Die Entscheidung: Keine Lohnsteuer bei echter Nachfolgeregelung
Der Bundesfinanzhof stellte jedoch klar: Nicht jede Zuwendung an einen Mitarbeiter ist automatisch Arbeitslohn. Entscheidend sei auch, aus welchem Anlass die Übertragung erfolgt. Im vorliegenden Fall sei das Motiv eindeutig die Unternehmensnachfolge gewesen – und eben nicht eine Vergütung für geleistete Arbeit.
Besonders hervorzuheben: Der BFH betonte, dass es keine vertragliche Verpflichtung oder Erwartungshaltung gegeben habe, die Geschäftsanteile als Gegenleistung für Arbeitsleistung zu übertragen. Die Übertragung war also rein schenkweise – und damit lohnsteuerlich unbeachtlich. Schenkungsteuer fällt allerdings gleichwohl an, allerdings unter Berücksichtigung schenkungsteuerrechtlicher Freibeträge und zu den anwendbaren Schenkungsteuersätzen.

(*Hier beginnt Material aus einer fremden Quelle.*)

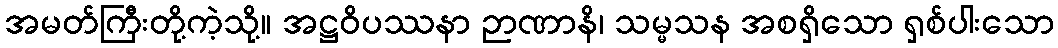
အမတ်ကြီးတို့ကဲ့သို့။ အဋ္ဌဝိပဿနာ ဉာဏာနိ၊ သမ္မသန အစရှိသော ရှစ်ပါးသော
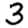
Digit: 3
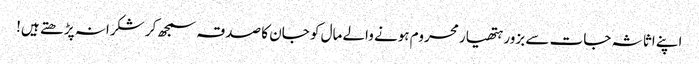
اپنے اثاثہ جات سے بزور ہتھیار محروم ہونے والے مال کو جان کا صدقہ سمجھ کر شکرانہ پڑ ھتے ہیں!
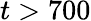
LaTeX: t>700
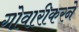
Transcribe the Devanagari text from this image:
गोवारीकरने
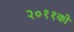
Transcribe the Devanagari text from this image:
२०११को
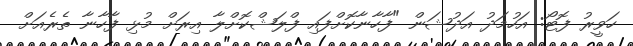
ހަވީރު ފޮޓޯ: އަހުމަދު އަދުޝަން "ފާހާނާކޮށްފައި ފްލަޝްކޮށްލާ އިރަށް މުޅި ފާހާނާ ތެރެއަށް
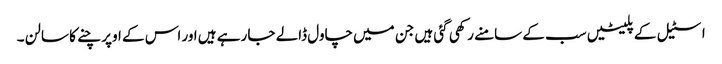
اسٹیل کے پلیٹیں سب کے سامنے رکھی گئی ہیں جن میں چاول ڈالے جا رہے ہیں اور اس کے اوپر چنے کا سالن ۔
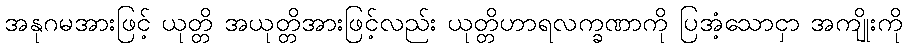
အနုဂမအားဖြင့် ယုတ္တိ အယုတ္တိအားဖြင့်လည်း ယုတ္တိဟာရလက္ခဏာကို ပြအံ့သောငှာ အကျိုးကို
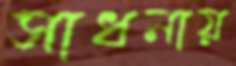
সাধনায়

Was bedeutet das für unsere mittelständischen Mandanten?
Für viele mittelständische Unternehmen ist dieses Urteil ein Signal, dass strategische Mitarbeiterbeteiligungen im Rahmen der Nachfolgeplanung unter Ausnutzung der im Einzelfall im Vergleich zur Lohnsteuer ggf. niedrigeren Schenkungsteuersätze sowie der etwaig anwendbaren Begünstigung nach §§ 13a ff. EStG umsetzbar sind – wenn sie sauber aufgesetzt werden.
Unsere Einschätzung:
- Eine sorgfältige Dokumentation ist entscheidend: Der Nachfolgecharakter der Maßnahme sollte klar erkennbar sein – idealerweise durch ein Nachfolgekonzept oder Protokolle.

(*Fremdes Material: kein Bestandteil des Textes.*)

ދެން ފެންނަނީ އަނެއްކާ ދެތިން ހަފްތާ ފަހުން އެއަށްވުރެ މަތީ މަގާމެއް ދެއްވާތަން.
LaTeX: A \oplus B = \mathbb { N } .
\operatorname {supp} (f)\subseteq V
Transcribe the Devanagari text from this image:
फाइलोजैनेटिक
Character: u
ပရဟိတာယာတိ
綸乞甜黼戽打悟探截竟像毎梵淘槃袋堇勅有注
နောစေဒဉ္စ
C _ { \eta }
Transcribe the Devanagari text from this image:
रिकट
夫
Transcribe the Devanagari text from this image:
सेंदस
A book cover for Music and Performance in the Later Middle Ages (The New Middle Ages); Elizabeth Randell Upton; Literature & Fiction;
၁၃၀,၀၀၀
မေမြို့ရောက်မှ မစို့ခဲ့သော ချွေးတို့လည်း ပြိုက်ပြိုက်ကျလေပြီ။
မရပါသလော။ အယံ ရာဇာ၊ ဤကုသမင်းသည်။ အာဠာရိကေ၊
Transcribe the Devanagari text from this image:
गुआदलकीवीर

Vermeiden Sie vertragliche „Gegenleistungen“: Sobald die Beteiligung an Bedingungen wie Verbleib im Unternehmen oder Erreichen von Leistungszielen geknüpft wird, drohen lohnsteuerliche Konsequenzen.

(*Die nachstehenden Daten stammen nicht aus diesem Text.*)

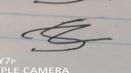
Signature authenticity: forged
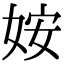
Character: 姲
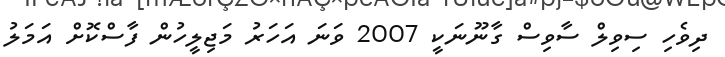
ދިވެހި ސިވިލް ސާވިސް ގާނޫނަކީ 2007 ވަނަ އަހަރު މަޖިލީހުން ފާސްކޮށް އަމަލު
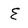
Character: E
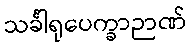
သင်္ခါရုပေက္ခာဉာဏ်
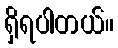
ရှိရပါတယ်။
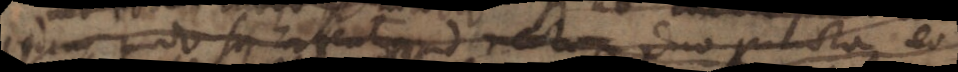
idim modo sis erfral ad recta duo puncta eo
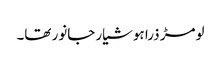
لومڑ ذرا ہوشیار جانور تھا۔
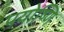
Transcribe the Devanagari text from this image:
पयोष्णि
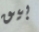
بيق
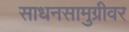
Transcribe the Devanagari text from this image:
साधनसामुग्रीवर
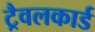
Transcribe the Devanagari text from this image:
ट्रैवलकार्ड
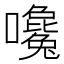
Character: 嚵

Frühzeitige steuerliche Begleitung lohnt sich: Eine strategisch geplante Nachfolge braucht nicht nur rechtliche, sondern auch steuerliche Weitsicht.
Fazit: Chancen für Nachfolge und Bindung
Mit dem Urteil eröffnet der BFH Gestaltungsspielräume für Unternehmer, die frühzeitig ihre Nachfolge regeln und dabei (auch) auf bewährte Führungskräfte setzen wollen. Eine Beteiligung kann ein starkes Zeichen der Wertschätzung sein – und gleichzeitig helfen, Kontinuität und Stabilität zu sichern.